先週、今週と世界中で株価がもどっている。世界景気の回復傾向も 確かに要因だが、根本的には日本である。打ち出の小槌式に やってきた金融緩和がついに効果を持ち始めたのである。
日本の金融緩和で生まれた資金は日本では使われない。 これは銀行の貸し出しが減っていることからも間違いない。 ではいったい何処へ流れているのだろうか?
もはや、言わずもがなである。アメリカだ。アメリカの収益率は 以前に比べると低くなっているが、依然として、日本よりも遙かに 高い。このために流れ込んでいるのだ。
日本はでは、空売り規制が大きい。株価を売っていけないといっているのだ。 空買いは良くて空売り(注意:空売りとは株券がないのに株の売ることで信用 取引のことではない)がだめなら、株価はあがるに決まっている。
困ったことだ。株価が上がれば良いという考えは、とても危険だと警告は なんどか行ったが、依然として蔓延している。 投資の促進はデフレの進行につながる。現在の世界経済の回復は、 喜ばしいとは言えないのだ。
アメリカは、確かにGDPの点では景気後退は終わったが、依然として負債の 額は大きく。不健全さは変わらない。 これから一時的な回復局面に入ると思われるが最終的には負債額に つぶれてしまうだろう。

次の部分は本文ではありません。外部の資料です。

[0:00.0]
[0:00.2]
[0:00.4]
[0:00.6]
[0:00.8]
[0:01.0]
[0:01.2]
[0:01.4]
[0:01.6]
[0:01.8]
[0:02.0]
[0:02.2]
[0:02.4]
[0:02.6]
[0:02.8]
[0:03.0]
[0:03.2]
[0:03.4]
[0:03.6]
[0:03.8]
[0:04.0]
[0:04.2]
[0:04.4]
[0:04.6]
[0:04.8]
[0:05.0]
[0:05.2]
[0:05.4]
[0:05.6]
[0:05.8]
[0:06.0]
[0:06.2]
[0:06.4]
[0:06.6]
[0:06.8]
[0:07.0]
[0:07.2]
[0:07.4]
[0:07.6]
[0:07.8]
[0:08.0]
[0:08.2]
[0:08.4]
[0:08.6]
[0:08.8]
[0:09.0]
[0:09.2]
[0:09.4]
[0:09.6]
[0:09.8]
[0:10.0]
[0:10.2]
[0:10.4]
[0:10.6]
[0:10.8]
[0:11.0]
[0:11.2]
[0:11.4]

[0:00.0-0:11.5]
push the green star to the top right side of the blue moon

日本は、デフレの原因を不良債権のせいにしており、そのためには 不良債権の発生原因のひとつである株価の上昇こそが解決だと 思っている。しかも、需給ギャップの対処療法として供給を削ること ばかり考えている。お役人たちはどうかしている。供給を減らして、需給 の均衡を図ろうとすると需要が減ってやっぱり、需給は均衡しないので ある。これには個人消費を増やすしかない。 だが、対策は供給側ばかりだ。日本のデフレは円安で一時的に止まるかも しれないが、結局は、投資増のせいでいつまでたっても需給ギャップは無く ならないだろう。
中国も問題だ。中国の経済成長は7%前後と驚異的だが、一方で物価の下落が 進んでいる。ここが日本の高度成長と決定的に異なる。日本の高度成長は 国内の旺盛な需要によりまかなわれて非常に健全なものだが、 中国は、世界への輸出によって成り立っており、世界経済が後退すると、 ものがすぐ余る非常に不健康なものだ。 このままではいずれ激しい元高にさいなまれるだろう。

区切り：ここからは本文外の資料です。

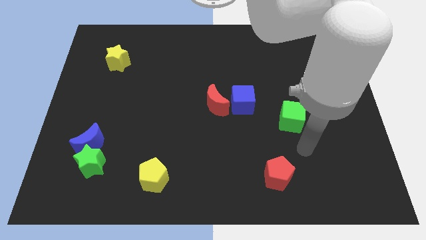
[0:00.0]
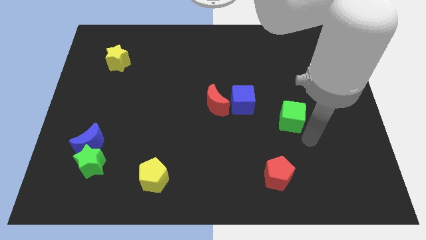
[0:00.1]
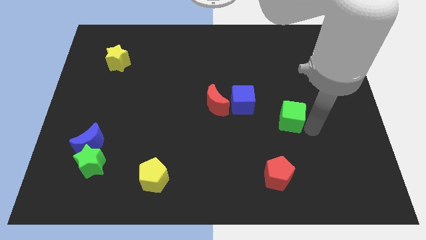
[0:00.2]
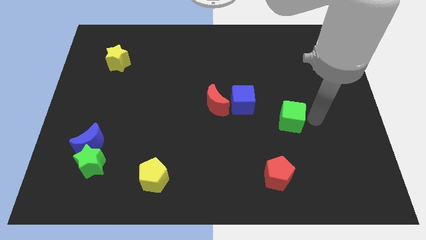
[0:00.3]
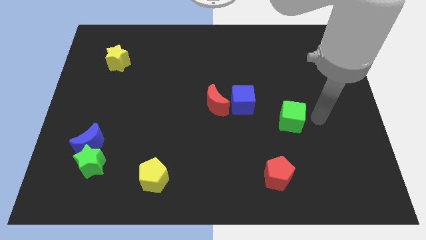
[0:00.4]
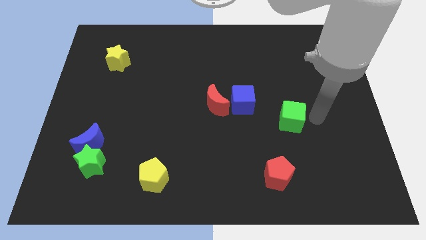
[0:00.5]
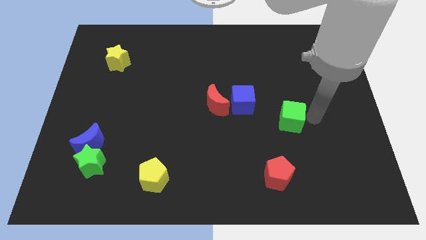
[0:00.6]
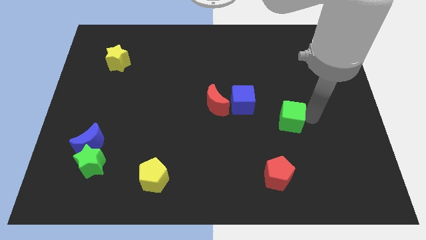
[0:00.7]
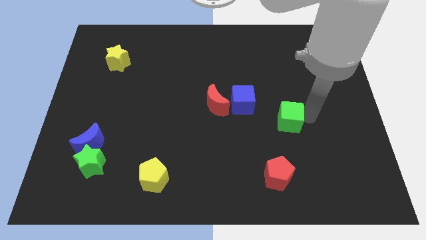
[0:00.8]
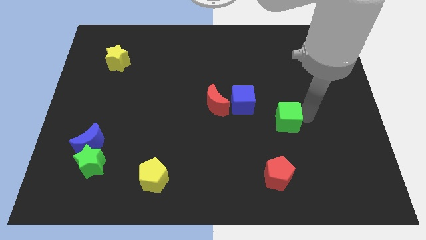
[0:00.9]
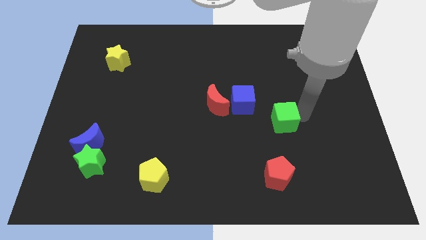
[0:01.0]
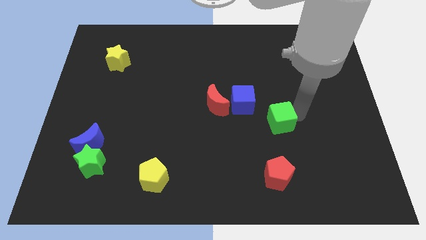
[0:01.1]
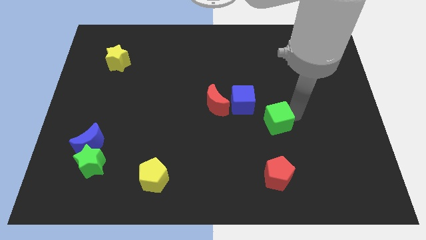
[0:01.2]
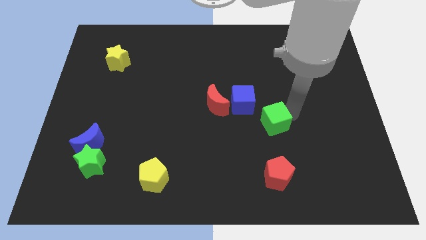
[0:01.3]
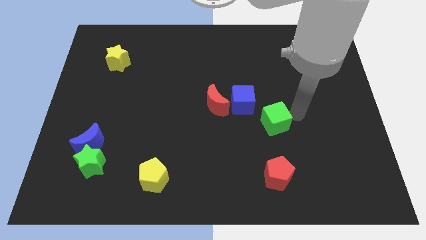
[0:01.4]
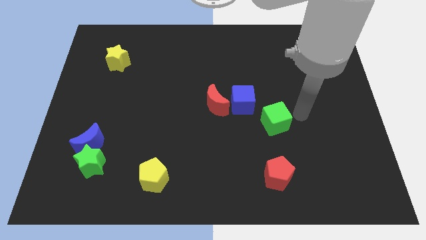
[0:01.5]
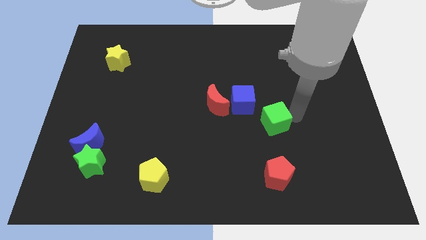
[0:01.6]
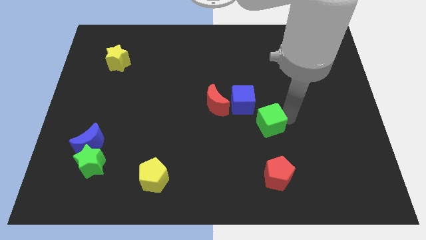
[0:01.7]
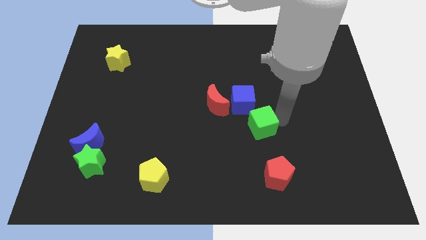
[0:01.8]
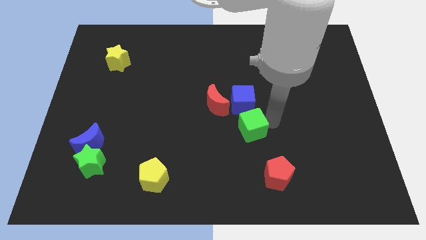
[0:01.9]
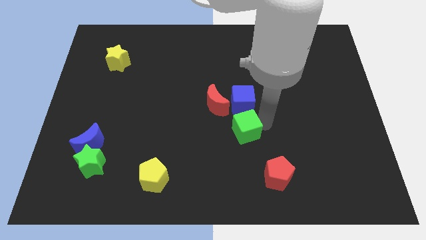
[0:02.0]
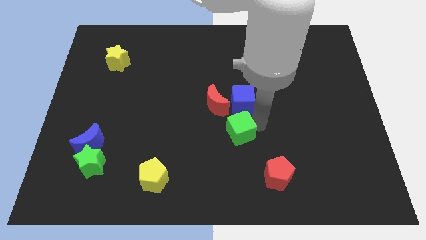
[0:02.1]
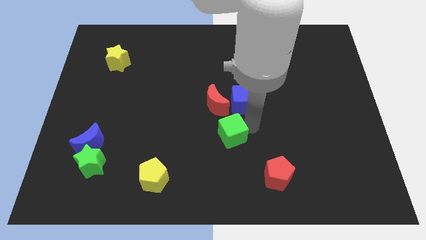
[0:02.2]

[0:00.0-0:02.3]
put the green cube to the bottom of the red moon

私の予想よりも、株価は早く底を打ったようだ。間違えてしまったわけだが その原因は、おそらくテロだろう。 テロのあと、世界中の中央銀行は金融緩和措置をとった。このような出来事は 99年末の2000年問題の時以来である。本来、世界中の景気サイクルは、ずれが あり同時に同じ行動をとることはあまりない。
だが、あのテロの狂気が皮肉にも世界不況への対応を統一してしまったのだ。 結果、貨幣がまたも急増してしまった。実物経済は相変わらず悪いので、 金融に金があふれかえってしまった。
またしても、バブルである。おそらく前回の規模を上回ることはないと思われるが 日本の金融緩和は史上類を見ない規模に達しており、投機に火がつかないと 断言できない。 再び、市場に不道徳や不健全さが戻ってきたようだ。多くの政治家や官僚は これを大喜びで迎えるだろうが、今度は長続きしないだろう。
ここに記されている世界経済への見方は私個人の見解です。 できるだけ信頼できる情報をもとに書いていますがデータの信頼性、 完全性を保証するものではありませんし、有価証券、商品市場など への投資勧誘をおこなう目的のものでもありません。ご了承ねがいます。